The Syrian government has not referred to the prisoner swap and the whereabouts of the civilian prisoners was not immediately known.
Opposition groups accuse it of detaining tens of thousands of political prisoners during Bashar Assad’s 12 years in power and say those numbers have spiked sharply during the 21-month-old civil war.
The Syrian fighter group Al-Baraa brigade seized the Iranians in early August and initially threatened to kill them.
Bulent Yildirim, head of the Turkish humanitarian aid agency IHH which helped broker the deal, told Reuters by telephone from Damascus shortly beforehand that the reciprocal release of 2,130 civilian prisoners — most of them Syrian but also including Turks and other foreign citizens — had begun.

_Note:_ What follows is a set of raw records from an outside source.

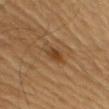Part of a total-body skin-imaging series; this lesion was reviewed on a skin check and was not flagged for biopsy. The lesion is located on the right arm. A male subject, aged 58 to 62. A 15 mm crop from a total-body photograph taken for skin-cancer surveillance.
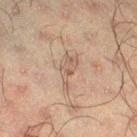This lesion was catalogued during total-body skin photography and was not selected for biopsy. About 5 mm across. This image is a 15 mm lesion crop taken from a total-body photograph. A male patient, in their 50s. Automated image analysis of the tile measured an average lesion color of about L≈45 a*≈13 b*≈22 (CIELAB), a lesion–skin lightness drop of about 6, and a lesion-to-skin contrast of about 5 (normalized; higher = more distinct). The analysis additionally found a border-irregularity rating of about 5/10, internal color variation of about 2.5 on a 0–10 scale, and a peripheral color-asymmetry measure near 1. The software also gave an automated nevus-likeness rating near 0 out of 100 and lesion-presence confidence of about 75/100. Captured under cross-polarized illumination. The lesion is on the right thigh.
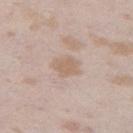The lesion was tiled from a total-body skin photograph and was not biopsied.
Located on the left thigh.
A 15 mm crop from a total-body photograph taken for skin-cancer surveillance.
A female patient, aged 23 to 27.
Longest diameter approximately 3 mm.
Imaged with white-light lighting.
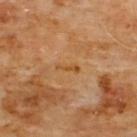notes: no biopsy performed (imaged during a skin exam).
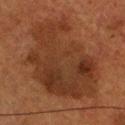Part of a total-body skin-imaging series; this lesion was reviewed on a skin check and was not flagged for biopsy. The recorded lesion diameter is about 12 mm. A 15 mm crop from a total-body photograph taken for skin-cancer surveillance. Captured under cross-polarized illumination. Located on the head or neck. An algorithmic analysis of the crop reported a lesion area of about 60 mm², an outline eccentricity of about 0.8 (0 = round, 1 = elongated), and a shape-asymmetry score of about 0.3 (0 = symmetric). The software also gave a lesion color around L≈27 a*≈18 b*≈25 in CIELAB and roughly 7 lightness units darker than nearby skin. And it measured a border-irregularity index near 5.5/10, a color-variation rating of about 4/10, and radial color variation of about 1.5. A male subject, approximately 60 years of age.
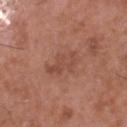Imaged during a routine full-body skin examination; the lesion was not biopsied and no histopathology is available. This image is a 15 mm lesion crop taken from a total-body photograph. Measured at roughly 4.5 mm in maximum diameter. On the head or neck. A male subject, approximately 50 years of age. An algorithmic analysis of the crop reported an average lesion color of about L≈48 a*≈24 b*≈28 (CIELAB), roughly 7 lightness units darker than nearby skin, and a lesion-to-skin contrast of about 5 (normalized; higher = more distinct). The tile uses white-light illumination.
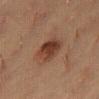<lesion>
  <biopsy_status>not biopsied; imaged during a skin examination</biopsy_status>
  <site>right thigh</site>
  <patient>
    <sex>female</sex>
    <age_approx>20</age_approx>
  </patient>
  <lighting>cross-polarized</lighting>
  <lesion_size>
    <long_diameter_mm_approx>3.5</long_diameter_mm_approx>
  </lesion_size>
  <image>
    <source>total-body photography crop</source>
    <field_of_view_mm>15</field_of_view_mm>
  </image>
</lesion>
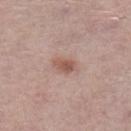Assessment: Part of a total-body skin-imaging series; this lesion was reviewed on a skin check and was not flagged for biopsy. Background: The tile uses white-light illumination. The lesion's longest dimension is about 3 mm. Located on the left lower leg. A female subject, in their mid- to late 60s. A region of skin cropped from a whole-body photographic capture, roughly 15 mm wide.
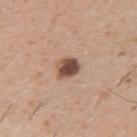Measured at roughly 2.5 mm in maximum diameter.
A 15 mm close-up tile from a total-body photography series done for melanoma screening.
A male patient, aged approximately 50.
The tile uses white-light illumination.
The lesion is located on the right upper arm.
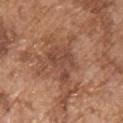No biopsy was performed on this lesion — it was imaged during a full skin examination and was not determined to be concerning.
A male subject aged around 75.
Automated tile analysis of the lesion measured an eccentricity of roughly 0.7.
Captured under white-light illumination.
A 15 mm close-up extracted from a 3D total-body photography capture.
On the chest.
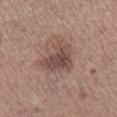biopsy_status: not biopsied; imaged during a skin examination
site: right lower leg
patient:
  sex: female
  age_approx: 65
automated_metrics:
  area_mm2_approx: 11.0
  eccentricity: 0.6
  shape_asymmetry: 0.45
  cielab_L: 47
  cielab_a: 18
  cielab_b: 23
  vs_skin_darker_L: 10.0
  vs_skin_contrast_norm: 7.5
  border_irregularity_0_10: 4.5
  color_variation_0_10: 3.5
  peripheral_color_asymmetry: 1.0
  nevus_likeness_0_100: 15
image:
  source: total-body photography crop
  field_of_view_mm: 15
lesion_size:
  long_diameter_mm_approx: 4.0
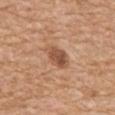workup: total-body-photography surveillance lesion; no biopsy
anatomic site: the upper back
automated metrics: a border-irregularity index near 2/10, a within-lesion color-variation index near 4/10, and radial color variation of about 1.5; a classifier nevus-likeness of about 40/100 and lesion-presence confidence of about 100/100
size: ~3.5 mm (longest diameter)
patient: female, aged 68 to 72
imaging modality: ~15 mm crop, total-body skin-cancer survey
illumination: white-light illumination
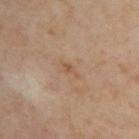Case summary:
- notes: imaged on a skin check; not biopsied
- body site: the upper back
- imaging modality: ~15 mm crop, total-body skin-cancer survey
- patient: in their mid- to late 50s
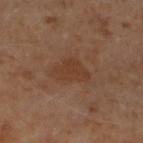Case summary:
– image source — 15 mm crop, total-body photography
– patient — male, aged around 60
– tile lighting — cross-polarized
– automated metrics — an area of roughly 7.5 mm² and an outline eccentricity of about 0.75 (0 = round, 1 = elongated); a lesion color around L≈35 a*≈18 b*≈27 in CIELAB, a lesion–skin lightness drop of about 5, and a normalized border contrast of about 6
– body site — the left lower leg
– lesion size — about 4 mm
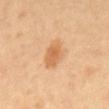follow-up: total-body-photography surveillance lesion; no biopsy
automated lesion analysis: border irregularity of about 2.5 on a 0–10 scale, internal color variation of about 3 on a 0–10 scale, and peripheral color asymmetry of about 1; a nevus-likeness score of about 90/100
acquisition: 15 mm crop, total-body photography
illumination: cross-polarized
diameter: ~4 mm (longest diameter)
subject: male, approximately 65 years of age
body site: the abdomen
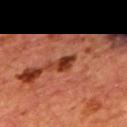follow-up — catalogued during a skin exam; not biopsied | image — ~15 mm crop, total-body skin-cancer survey | illumination — cross-polarized illumination | subject — male, aged approximately 65 | site — the mid back.
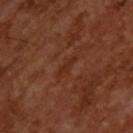{"biopsy_status": "not biopsied; imaged during a skin examination", "image": {"source": "total-body photography crop", "field_of_view_mm": 15}, "patient": {"sex": "male", "age_approx": 65}, "lesion_size": {"long_diameter_mm_approx": 3.0}, "automated_metrics": {"eccentricity": 0.95, "cielab_L": 28, "cielab_a": 23, "cielab_b": 29, "nevus_likeness_0_100": 0}}
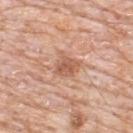Findings:
– follow-up — total-body-photography surveillance lesion; no biopsy
– location — the upper back
– diameter — about 3 mm
– acquisition — ~15 mm tile from a whole-body skin photo
– lighting — white-light
– subject — male, aged approximately 80
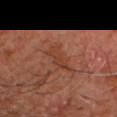Clinical summary:
The patient is a male in their 60s. The recorded lesion diameter is about 4.5 mm. Located on the head or neck. The lesion-visualizer software estimated an eccentricity of roughly 0.95 and a symmetry-axis asymmetry near 0.4. Cropped from a whole-body photographic skin survey; the tile spans about 15 mm. The tile uses cross-polarized illumination.
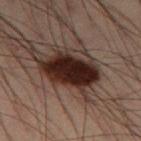Assessment: Imaged during a routine full-body skin examination; the lesion was not biopsied and no histopathology is available. Context: This image is a 15 mm lesion crop taken from a total-body photograph. The tile uses cross-polarized illumination. Located on the left thigh. The total-body-photography lesion software estimated roughly 17 lightness units darker than nearby skin and a normalized border contrast of about 19. And it measured a border-irregularity index near 2/10. A male patient, about 55 years old. The lesion's longest dimension is about 6 mm.
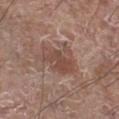Q: Is there a histopathology result?
A: imaged on a skin check; not biopsied
Q: What is the lesion's diameter?
A: about 4.5 mm
Q: Who is the patient?
A: male, aged 58–62
Q: How was this image acquired?
A: 15 mm crop, total-body photography
Q: Illumination type?
A: white-light
Q: Where on the body is the lesion?
A: the leg
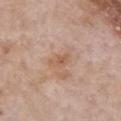follow-up — total-body-photography surveillance lesion; no biopsy
subject — female, roughly 85 years of age or older
tile lighting — white-light illumination
body site — the chest
lesion size — ≈3 mm
automated metrics — a border-irregularity index near 3/10, a color-variation rating of about 3/10, and a peripheral color-asymmetry measure near 1; a nevus-likeness score of about 0/100
acquisition — ~15 mm tile from a whole-body skin photo
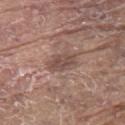| key | value |
|---|---|
| workup | catalogued during a skin exam; not biopsied |
| body site | the upper back |
| image source | 15 mm crop, total-body photography |
| lighting | white-light |
| size | ~3.5 mm (longest diameter) |
| image-analysis metrics | a lesion area of about 5 mm², an eccentricity of roughly 0.85, and a symmetry-axis asymmetry near 0.2; a classifier nevus-likeness of about 0/100 |
| subject | male, aged around 80 |
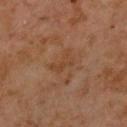  site: chest
  patient:
    sex: male
    age_approx: 60
  lighting: cross-polarized
  image:
    source: total-body photography crop
    field_of_view_mm: 15
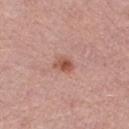{"biopsy_status": "not biopsied; imaged during a skin examination", "patient": {"sex": "female", "age_approx": 70}, "image": {"source": "total-body photography crop", "field_of_view_mm": 15}, "site": "left thigh"}
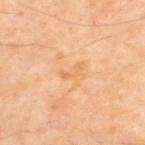Part of a total-body skin-imaging series; this lesion was reviewed on a skin check and was not flagged for biopsy.
Cropped from a total-body skin-imaging series; the visible field is about 15 mm.
The lesion is located on the back.
The lesion's longest dimension is about 2.5 mm.
A male patient approximately 65 years of age.
Imaged with cross-polarized lighting.
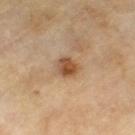– acquisition: total-body-photography crop, ~15 mm field of view
– image-analysis metrics: a border-irregularity index near 2.5/10 and peripheral color asymmetry of about 1.5
– lighting: cross-polarized
– subject: male, aged around 65
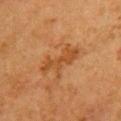Context:
From the chest. A roughly 15 mm field-of-view crop from a total-body skin photograph. Captured under cross-polarized illumination. An algorithmic analysis of the crop reported about 7 CIELAB-L* units darker than the surrounding skin and a normalized lesion–skin contrast near 6.5. And it measured border irregularity of about 6.5 on a 0–10 scale, a within-lesion color-variation index near 1/10, and radial color variation of about 0.5. A female subject approximately 50 years of age.
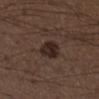The lesion was tiled from a total-body skin photograph and was not biopsied.
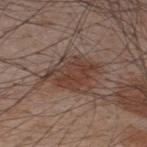image-analysis metrics: a footprint of about 17 mm²; a normalized border contrast of about 8
location: the upper back
imaging modality: total-body-photography crop, ~15 mm field of view
tile lighting: white-light
subject: male, roughly 35 years of age
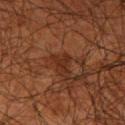image-analysis metrics — a lesion area of about 3 mm², a shape eccentricity near 0.55, and a symmetry-axis asymmetry near 0.65; a border-irregularity rating of about 7/10, a color-variation rating of about 0/10, and radial color variation of about 0; a classifier nevus-likeness of about 0/100 and lesion-presence confidence of about 95/100
lesion size — about 2.5 mm
illumination — cross-polarized illumination
image — total-body-photography crop, ~15 mm field of view
site — the right upper arm
subject — male, roughly 45 years of age
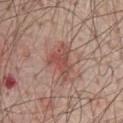Impression: Part of a total-body skin-imaging series; this lesion was reviewed on a skin check and was not flagged for biopsy. Clinical summary: Longest diameter approximately 5 mm. A 15 mm close-up extracted from a 3D total-body photography capture. A male patient aged 68 to 72. Imaged with white-light lighting. The lesion is located on the chest.
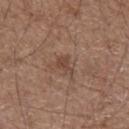notes = total-body-photography surveillance lesion; no biopsy | image-analysis metrics = an area of roughly 3 mm² and an eccentricity of roughly 0.75; a nevus-likeness score of about 0/100 | size = ≈2.5 mm | imaging modality = ~15 mm tile from a whole-body skin photo | subject = male, in their 50s | illumination = white-light illumination | location = the left forearm.
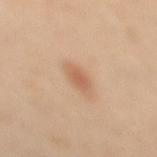Clinical impression: Captured during whole-body skin photography for melanoma surveillance; the lesion was not biopsied. Acquisition and patient details: This is a cross-polarized tile. This image is a 15 mm lesion crop taken from a total-body photograph. Located on the left leg. A female subject about 40 years old. Longest diameter approximately 2.5 mm.
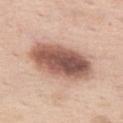Q: Is there a histopathology result?
A: imaged on a skin check; not biopsied
Q: Lesion size?
A: about 8 mm
Q: Lesion location?
A: the left thigh
Q: How was the tile lit?
A: white-light illumination
Q: What is the imaging modality?
A: total-body-photography crop, ~15 mm field of view
Q: Automated lesion metrics?
A: an average lesion color of about L≈56 a*≈20 b*≈27 (CIELAB), roughly 18 lightness units darker than nearby skin, and a normalized lesion–skin contrast near 11; an automated nevus-likeness rating near 95 out of 100 and a detector confidence of about 100 out of 100 that the crop contains a lesion
Q: Patient demographics?
A: female, approximately 55 years of age
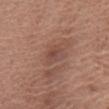lesion diameter: ≈3 mm | imaging modality: total-body-photography crop, ~15 mm field of view | automated metrics: a nevus-likeness score of about 0/100 and lesion-presence confidence of about 100/100 | tile lighting: white-light illumination | patient: female, about 80 years old | body site: the chest.
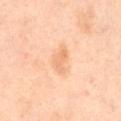Impression:
The lesion was tiled from a total-body skin photograph and was not biopsied.
Acquisition and patient details:
A male subject, aged around 45. About 3 mm across. On the left upper arm. This is a cross-polarized tile. A 15 mm close-up extracted from a 3D total-body photography capture.
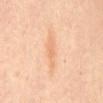Assessment: No biopsy was performed on this lesion — it was imaged during a full skin examination and was not determined to be concerning. Clinical summary: Cropped from a whole-body photographic skin survey; the tile spans about 15 mm. A female subject, approximately 45 years of age. Longest diameter approximately 4.5 mm. Automated image analysis of the tile measured a shape eccentricity near 0.95 and a symmetry-axis asymmetry near 0.25. The software also gave border irregularity of about 3.5 on a 0–10 scale and a color-variation rating of about 1.5/10. It also reported an automated nevus-likeness rating near 0 out of 100 and a detector confidence of about 100 out of 100 that the crop contains a lesion. Captured under cross-polarized illumination. Located on the back.
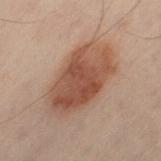Q: Was a biopsy performed?
A: imaged on a skin check; not biopsied
Q: Lesion location?
A: the left thigh
Q: What kind of image is this?
A: total-body-photography crop, ~15 mm field of view
Q: Patient demographics?
A: male, approximately 50 years of age
Q: Illumination type?
A: cross-polarized illumination
Q: Lesion size?
A: ~8.5 mm (longest diameter)
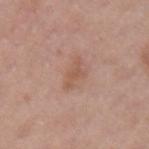Findings:
– biopsy status · total-body-photography surveillance lesion; no biopsy
– location · the left upper arm
– lighting · white-light illumination
– diameter · ≈3.5 mm
– image source · ~15 mm tile from a whole-body skin photo
– patient · female, about 40 years old
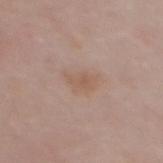No biopsy was performed on this lesion — it was imaged during a full skin examination and was not determined to be concerning. A 15 mm crop from a total-body photograph taken for skin-cancer surveillance. A female patient roughly 50 years of age. The lesion is on the mid back. Automated image analysis of the tile measured a lesion area of about 5.5 mm² and an eccentricity of roughly 0.8. The software also gave a mean CIELAB color near L≈57 a*≈17 b*≈27, a lesion–skin lightness drop of about 6, and a lesion-to-skin contrast of about 5.5 (normalized; higher = more distinct). It also reported internal color variation of about 2 on a 0–10 scale. This is a white-light tile. About 3.5 mm across.
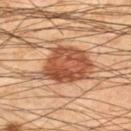This lesion was catalogued during total-body skin photography and was not selected for biopsy.
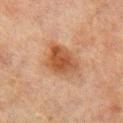Part of a total-body skin-imaging series; this lesion was reviewed on a skin check and was not flagged for biopsy.
Longest diameter approximately 5 mm.
A 15 mm crop from a total-body photograph taken for skin-cancer surveillance.
A male subject, aged 68–72.
Captured under cross-polarized illumination.
The lesion is on the arm.
The lesion-visualizer software estimated border irregularity of about 2.5 on a 0–10 scale, a color-variation rating of about 5/10, and peripheral color asymmetry of about 1.5. And it measured a nevus-likeness score of about 95/100 and lesion-presence confidence of about 100/100.
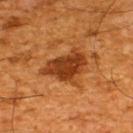No biopsy was performed on this lesion — it was imaged during a full skin examination and was not determined to be concerning. A close-up tile cropped from a whole-body skin photograph, about 15 mm across. Imaged with cross-polarized lighting. The lesion is on the upper back. The patient is a male in their mid- to late 60s. The lesion's longest dimension is about 5.5 mm.
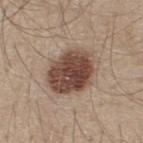• follow-up: no biopsy performed (imaged during a skin exam)
• image: ~15 mm tile from a whole-body skin photo
• location: the upper back
• patient: male, in their 30s
• lighting: white-light illumination
• automated lesion analysis: a footprint of about 21 mm², an eccentricity of roughly 0.7, and a symmetry-axis asymmetry near 0.15; border irregularity of about 2 on a 0–10 scale, a within-lesion color-variation index near 6/10, and peripheral color asymmetry of about 2
• diameter: ≈6 mm
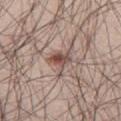* acquisition — total-body-photography crop, ~15 mm field of view
* anatomic site — the right thigh
* patient — male, aged around 30
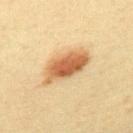biopsy status: imaged on a skin check; not biopsied | image-analysis metrics: a mean CIELAB color near L≈53 a*≈19 b*≈35 and a normalized border contrast of about 9.5; a classifier nevus-likeness of about 100/100 and a lesion-detection confidence of about 100/100 | imaging modality: ~15 mm tile from a whole-body skin photo | subject: female, aged approximately 40 | location: the back | size: ≈6 mm | lighting: cross-polarized.
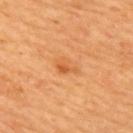A close-up tile cropped from a whole-body skin photograph, about 15 mm across. The patient is a female aged around 45. Measured at roughly 3 mm in maximum diameter. From the back. Captured under cross-polarized illumination.
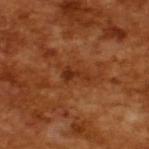Assessment: Captured during whole-body skin photography for melanoma surveillance; the lesion was not biopsied. Clinical summary: Captured under cross-polarized illumination. A male patient approximately 65 years of age. Approximately 3 mm at its widest. A lesion tile, about 15 mm wide, cut from a 3D total-body photograph.
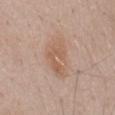Captured during whole-body skin photography for melanoma surveillance; the lesion was not biopsied.
A male subject, aged around 55.
Captured under white-light illumination.
Approximately 5.5 mm at its widest.
Cropped from a whole-body photographic skin survey; the tile spans about 15 mm.
The lesion is located on the mid back.
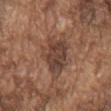biopsy_status: not biopsied; imaged during a skin examination
image:
  source: total-body photography crop
  field_of_view_mm: 15
site: chest
lighting: white-light
patient:
  sex: male
  age_approx: 75
lesion_size:
  long_diameter_mm_approx: 6.5
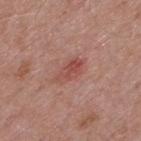Assessment:
Imaged during a routine full-body skin examination; the lesion was not biopsied and no histopathology is available.
Image and clinical context:
A male patient aged around 70. From the upper back. A 15 mm crop from a total-body photograph taken for skin-cancer surveillance.
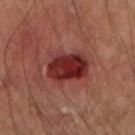No biopsy was performed on this lesion — it was imaged during a full skin examination and was not determined to be concerning. Imaged with cross-polarized lighting. Located on the right forearm. The recorded lesion diameter is about 4.5 mm. A lesion tile, about 15 mm wide, cut from a 3D total-body photograph. The subject is in their mid-50s. The total-body-photography lesion software estimated a lesion color around L≈31 a*≈30 b*≈24 in CIELAB, a lesion–skin lightness drop of about 14, and a normalized border contrast of about 12. It also reported a border-irregularity rating of about 2/10 and a peripheral color-asymmetry measure near 1.5.
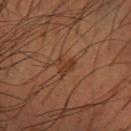The subject is a male aged approximately 60. This is a cross-polarized tile. Approximately 2.5 mm at its widest. A region of skin cropped from a whole-body photographic capture, roughly 15 mm wide. Located on the left forearm.
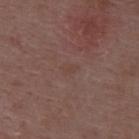Assessment:
The lesion was tiled from a total-body skin photograph and was not biopsied.
Clinical summary:
A 15 mm close-up tile from a total-body photography series done for melanoma screening. Automated image analysis of the tile measured roughly 3 lightness units darker than nearby skin and a lesion-to-skin contrast of about 3.5 (normalized; higher = more distinct). Captured under white-light illumination. Measured at roughly 2 mm in maximum diameter. The patient is a female roughly 45 years of age. The lesion is located on the back.
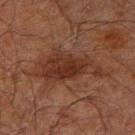Clinical impression: No biopsy was performed on this lesion — it was imaged during a full skin examination and was not determined to be concerning. Context: Captured under cross-polarized illumination. A male subject, aged 68–72. The recorded lesion diameter is about 7.5 mm. On the arm. A 15 mm crop from a total-body photograph taken for skin-cancer surveillance.
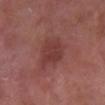Impression:
This lesion was catalogued during total-body skin photography and was not selected for biopsy.
Clinical summary:
A male subject roughly 65 years of age. On the right lower leg. A 15 mm crop from a total-body photograph taken for skin-cancer surveillance. Captured under white-light illumination. Approximately 4 mm at its widest. An algorithmic analysis of the crop reported an area of roughly 10 mm² and a shape eccentricity near 0.65. The analysis additionally found a border-irregularity rating of about 3/10, a within-lesion color-variation index near 2/10, and peripheral color asymmetry of about 1.
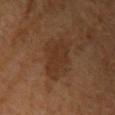workup=imaged on a skin check; not biopsied
acquisition=15 mm crop, total-body photography
patient=female, aged 58–62
illumination=cross-polarized
size=about 5.5 mm
TBP lesion metrics=a lesion area of about 14 mm²; a border-irregularity index near 3.5/10, internal color variation of about 2.5 on a 0–10 scale, and peripheral color asymmetry of about 1
location=the upper back
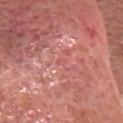Recorded during total-body skin imaging; not selected for excision or biopsy. An algorithmic analysis of the crop reported an area of roughly 1 mm², an outline eccentricity of about 0.8 (0 = round, 1 = elongated), and a shape-asymmetry score of about 0.45 (0 = symmetric). The software also gave a border-irregularity rating of about 3.5/10 and radial color variation of about 0. The software also gave an automated nevus-likeness rating near 0 out of 100. The recorded lesion diameter is about 1 mm. A 15 mm close-up extracted from a 3D total-body photography capture. Imaged with white-light lighting. Located on the head or neck. A female subject aged 48–52.
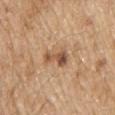Q: Was this lesion biopsied?
A: total-body-photography surveillance lesion; no biopsy
Q: Automated lesion metrics?
A: a peripheral color-asymmetry measure near 1; a lesion-detection confidence of about 100/100
Q: Where on the body is the lesion?
A: the upper back
Q: Lesion size?
A: about 3.5 mm
Q: What is the imaging modality?
A: ~15 mm tile from a whole-body skin photo
Q: What lighting was used for the tile?
A: white-light illumination
Q: Patient demographics?
A: male, aged around 70
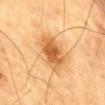workup=catalogued during a skin exam; not biopsied | diameter=≈5 mm | location=the chest | patient=male, aged approximately 85 or older | lighting=cross-polarized illumination | acquisition=total-body-photography crop, ~15 mm field of view.
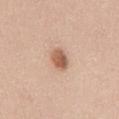The lesion was photographed on a routine skin check and not biopsied; there is no pathology result. Located on the abdomen. Cropped from a total-body skin-imaging series; the visible field is about 15 mm. About 3 mm across. Captured under white-light illumination. The subject is a male aged around 35.
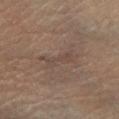Impression:
No biopsy was performed on this lesion — it was imaged during a full skin examination and was not determined to be concerning.
Context:
On the left lower leg. The tile uses cross-polarized illumination. A male patient in their mid-40s. This image is a 15 mm lesion crop taken from a total-body photograph.

Meanwhile, fighters seized parts of a large military airport in northwestern Syria yesterday after a weeks-long siege, said a monitoring group.
“Troops clashed with Al-Nusra Front and Ahrar Al-Sham fighters inside the Taftanaz military airport, after fighters broke in and seized large swathes of its grounds,” said the Britain-based Syrian Observatory for Human Rights.
The fighters destroyed several helicopter gunships during their assault, said the Observatory, which relies on a network of doctors, lawyers and activists for its reporting.
Army tanks pounded the airport grounds and several nearby villages in a bid to root out the fighters, said the watchdog.